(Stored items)
------------------------------------------------

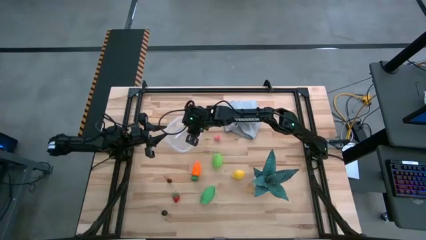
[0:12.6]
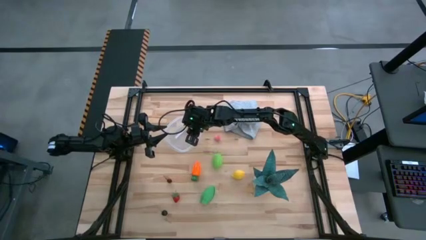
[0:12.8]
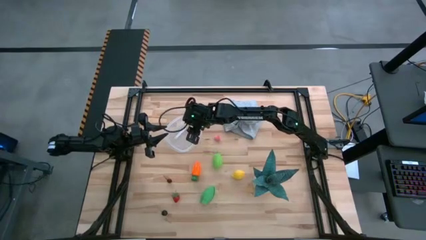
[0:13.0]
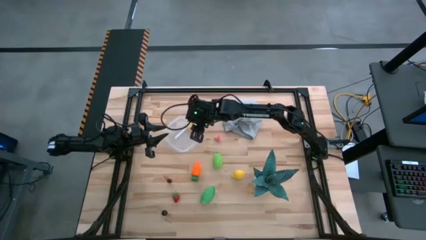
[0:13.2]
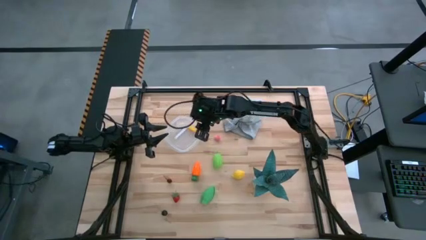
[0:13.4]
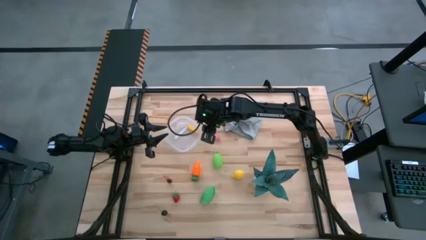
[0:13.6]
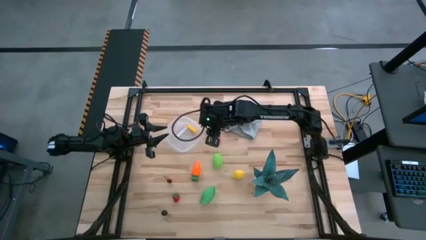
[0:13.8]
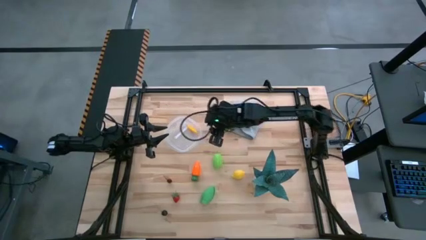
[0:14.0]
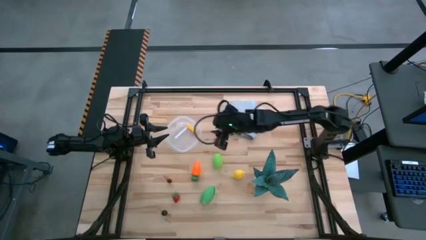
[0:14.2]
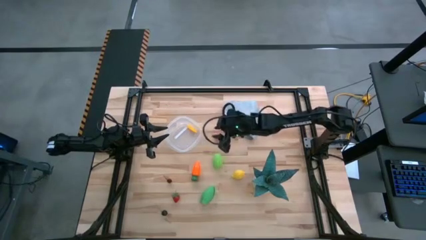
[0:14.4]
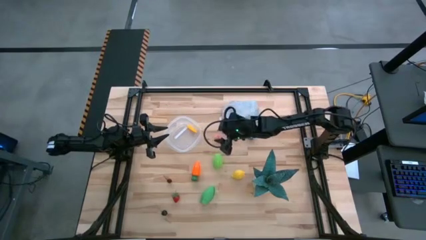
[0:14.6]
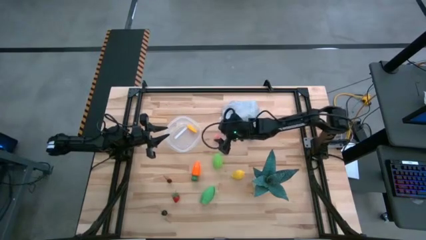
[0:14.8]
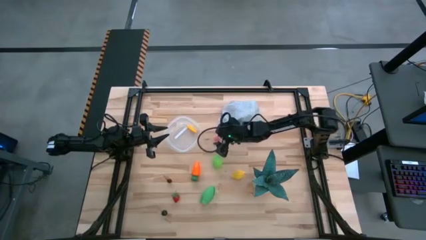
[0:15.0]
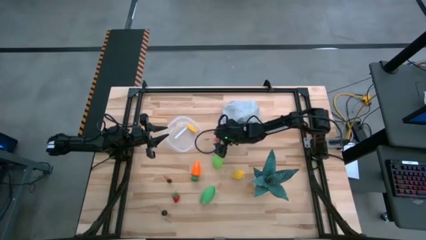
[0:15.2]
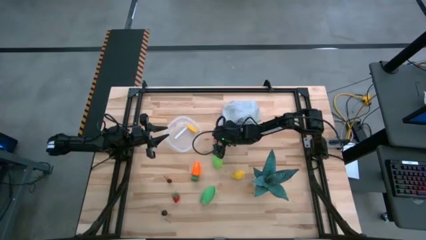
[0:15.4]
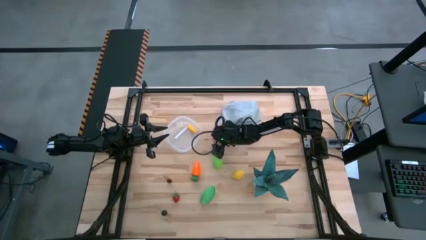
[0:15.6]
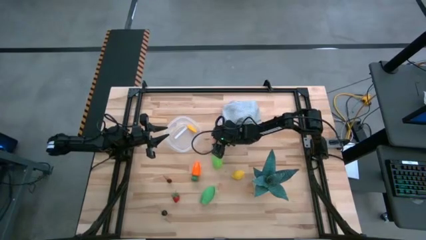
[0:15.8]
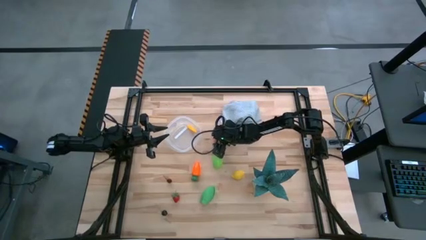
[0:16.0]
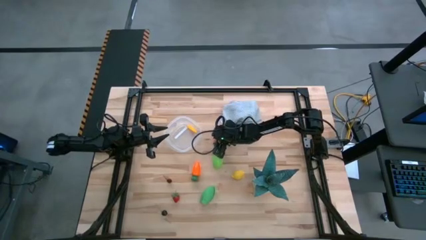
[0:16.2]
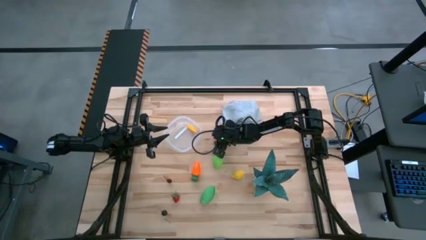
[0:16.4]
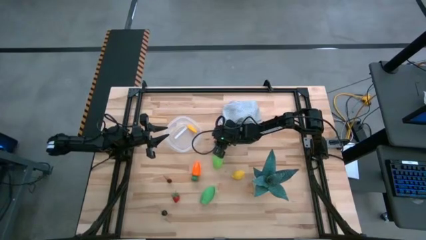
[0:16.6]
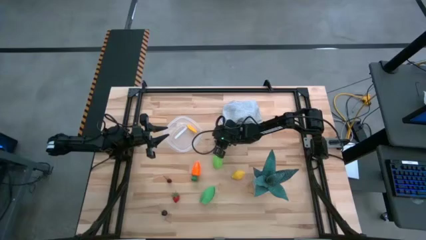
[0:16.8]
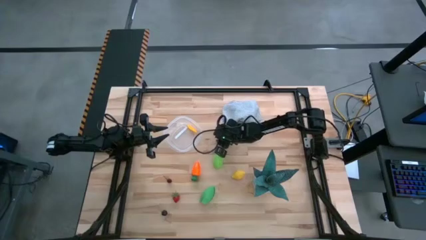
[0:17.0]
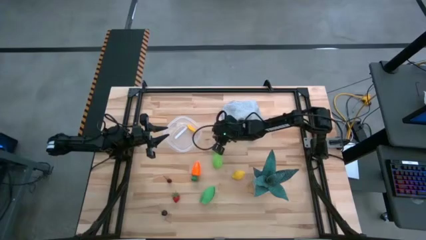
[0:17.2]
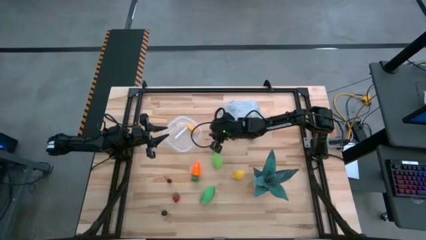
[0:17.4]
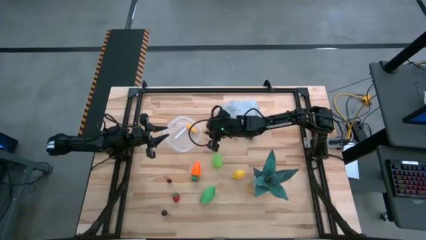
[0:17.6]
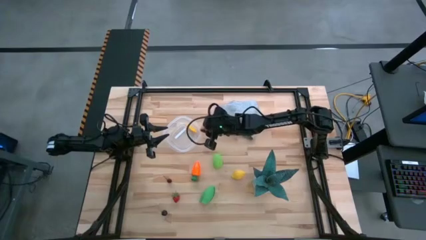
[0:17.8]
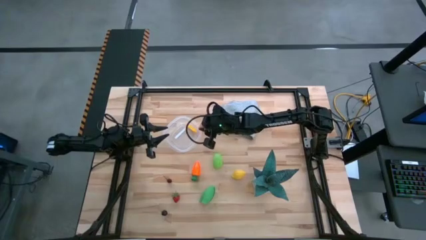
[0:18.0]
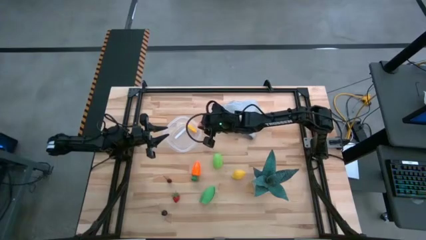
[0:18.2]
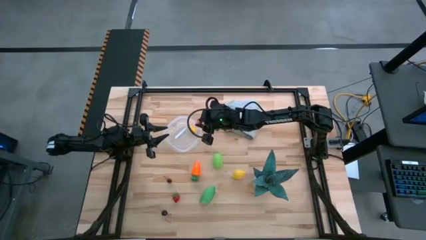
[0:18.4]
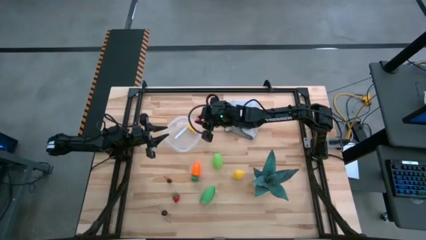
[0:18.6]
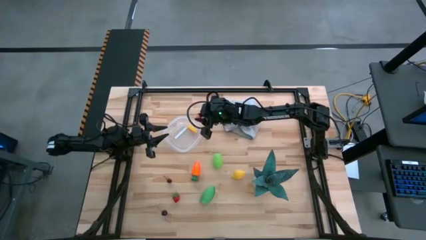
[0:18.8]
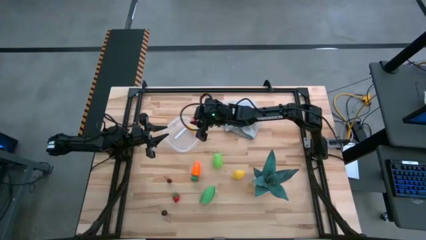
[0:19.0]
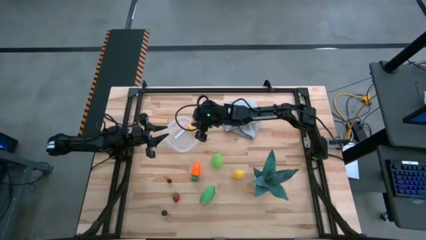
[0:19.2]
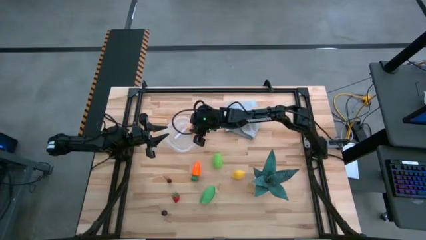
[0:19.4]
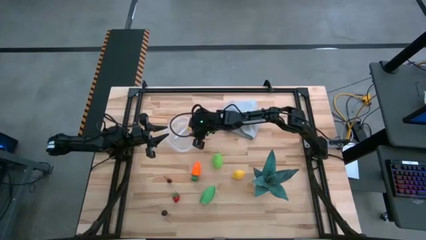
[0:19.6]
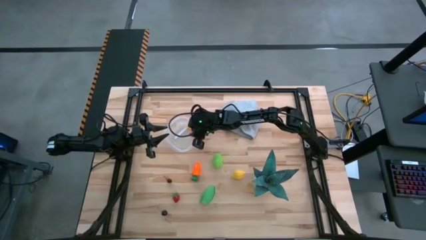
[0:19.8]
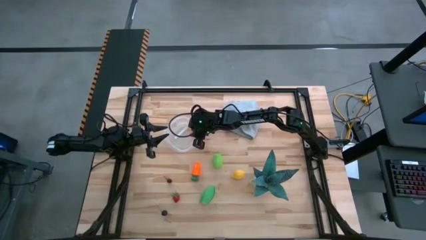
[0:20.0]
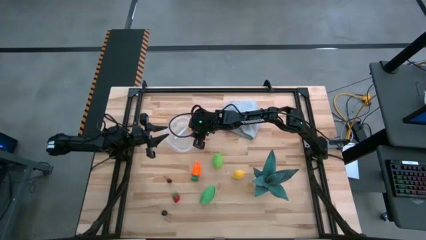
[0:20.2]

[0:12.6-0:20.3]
Task: Pick and placing Produce into tupperware
Put the pink peach into the transparent container

------------------------------------------------

● Task requirements: Restate the data word for word without pictures.

● Answer for this exercise:
[0:12.6]
[0:12.8]
[0:13.0]
[0:13.2]
[0:13.4]
[0:13.6]
[0:13.8]
[0:14.0]
[0:14.2]
[0:14.4]
[0:14.6]
[0:14.8]
[0:15.0]
[0:15.2]
[0:15.4]
[0:15.6]
[0:15.8]
[0:16.0]
[0:16.2]
[0:16.4]
[0:16.6]
[0:16.8]
[0:17.0]
[0:17.2]
[0:17.4]
[0:17.6]
[0:17.8]
[0:18.0]
[0:18.2]
[0:18.4]
[0:18.6]
[0:18.8]
[0:19.0]
[0:19.2]
[0:19.4]
[0:19.6]
[0:19.8]
[0:20.0]
[0:20.2]

[0:12.6-0:20.3]
Task: Pick and placing Produce into tupperware
Put the pink peach into the transparent container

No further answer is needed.